[MOBY-l] MOBY at NCGR/CSHL- intro to ISYS and its conceptual relationship to MOBY

Thu Oct 3 23:12:17 UTC 2002

Hi Mark-

> I picked the one thing that I could respond to quickly - I'll have to
> chew on the rest of it for a while...

Wise choice, I think. I've been hoping to carry on the conversation in
more manageable pieces... Even this "simple" point will probably end
up generating a lot of discussion!

>
> >I have deliberately singled out the
> >"id" here, since you've put it at the root of the whole moby_class hierarchy.
> >While there may be other reasons for insisting on an id for all objects
> >in the system, in terms of its use as a "lookup", it really seems only relevant
> >for services that want to do a retrieval of information using that key.
> >
> >
> >
> I have to disagree, but only because we are putting different emphases
> on the idea of an "id".  The root of the class hierarchy is actually the
> Triple <Instance/Namespace/ID>.  In services which require only
> sequences (e.g. a service which calculates GC content or something like
> that) you are right in saying that the service doesn't need an ID.
>  However, we *do* need an ID if we are submitting a large number of
> sequences to that service (in a single transation) and receiving a large
> number of results in response.  The ID is the way to match the input
> with its output... especially since we do not guarantee that the service
> will provide a result for every input that it is given.
>
> Namespaces and ID's can be entirely arbitrary, and in these cases can be
> used by the Client for local "bookkeeping" , or they can be meaningful,
> such as when you have a retrieve service which requires a genbankGI
> number as input.  This is why the namespace parameter is optional during
> service registration - if the service doesn't care, then it just leaves
> that parameter out and is thus "discovered"  by anyone who has the
> correct object *type* in their hands, regardless of that object's namespace.

The main point I was trying to make in my earlier message
was not really about whether the concept of identification should be
made central to the data representation.
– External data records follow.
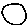
Label: moon
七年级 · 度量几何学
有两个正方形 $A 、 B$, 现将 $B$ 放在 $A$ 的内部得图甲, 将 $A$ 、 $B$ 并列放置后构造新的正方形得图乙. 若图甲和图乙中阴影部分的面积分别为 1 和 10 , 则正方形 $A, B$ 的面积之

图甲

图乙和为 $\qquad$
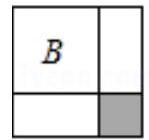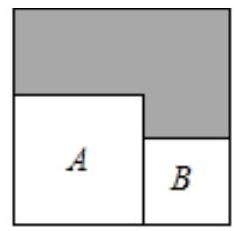
答案: 【答案】 11

【解析】

【分析】

此题考查了完全平方公式, 整式的混合运算, 整体代入法, 面积法, 设正方形 $A$ 的边长为 $a$, 正方形 $B$ 的边长为 $b$, 由图甲得 $a^{2}-b^{2}-2(a-b) b=1$, 即 $a^{2}+b^{2}-2 a b=1$,由图乙得 $(a+b)^{2}-a^{2}-b^{2}=10$, 得到 $2 a b=10$, 即可得到 $a^{2}+b^{2}=11$.

【解答】

解: 设正方形 $A$ 的边长为 $a$, 正方形 $B$ 的边长为 $b$,

由图甲得 $a^{2}-b^{2}-2(a-b) b=1$,

即 $a^{2}+b^{2}-2 a b=1$,
由图乙得 $(a+b)^{2}-a^{2}-b^{2}=10$,

$\therefore 2 a b=10$,

$\therefore a^{2}+b^{2}=11$,

则正方形 $A, B$ 的面积之和为 11 ,

故答案为 11 .
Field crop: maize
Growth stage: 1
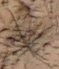
Species: lolium
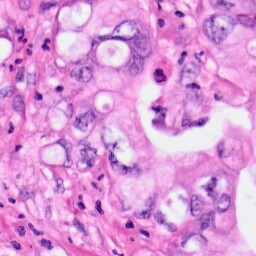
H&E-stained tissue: Pancreatic
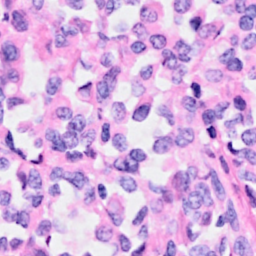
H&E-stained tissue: Breast

It was really about how
one should be careful to identify "orthogonal concepts" in your
data modelling, and to avoid tangling them up together in your
ontology. I should probably have steered clear of the triple, since I
figured something like what you are describing was at the root of
it. So, just to make sure the main point isn't missed (before I
turn my attention back to the triple!), let me give a different
example of what I mean. I'm going to take an imperfect example from the
moby_classes file, but I may well be misinterpreting the intention
of the representation there, but don't focus too much on whether I'm
mischaracterizing the intention there, let's just see whether we agree
on the basic principle.

Polymorphism    [type {snp, indel, deletion, insertion, reversion} start, end, DNASequence]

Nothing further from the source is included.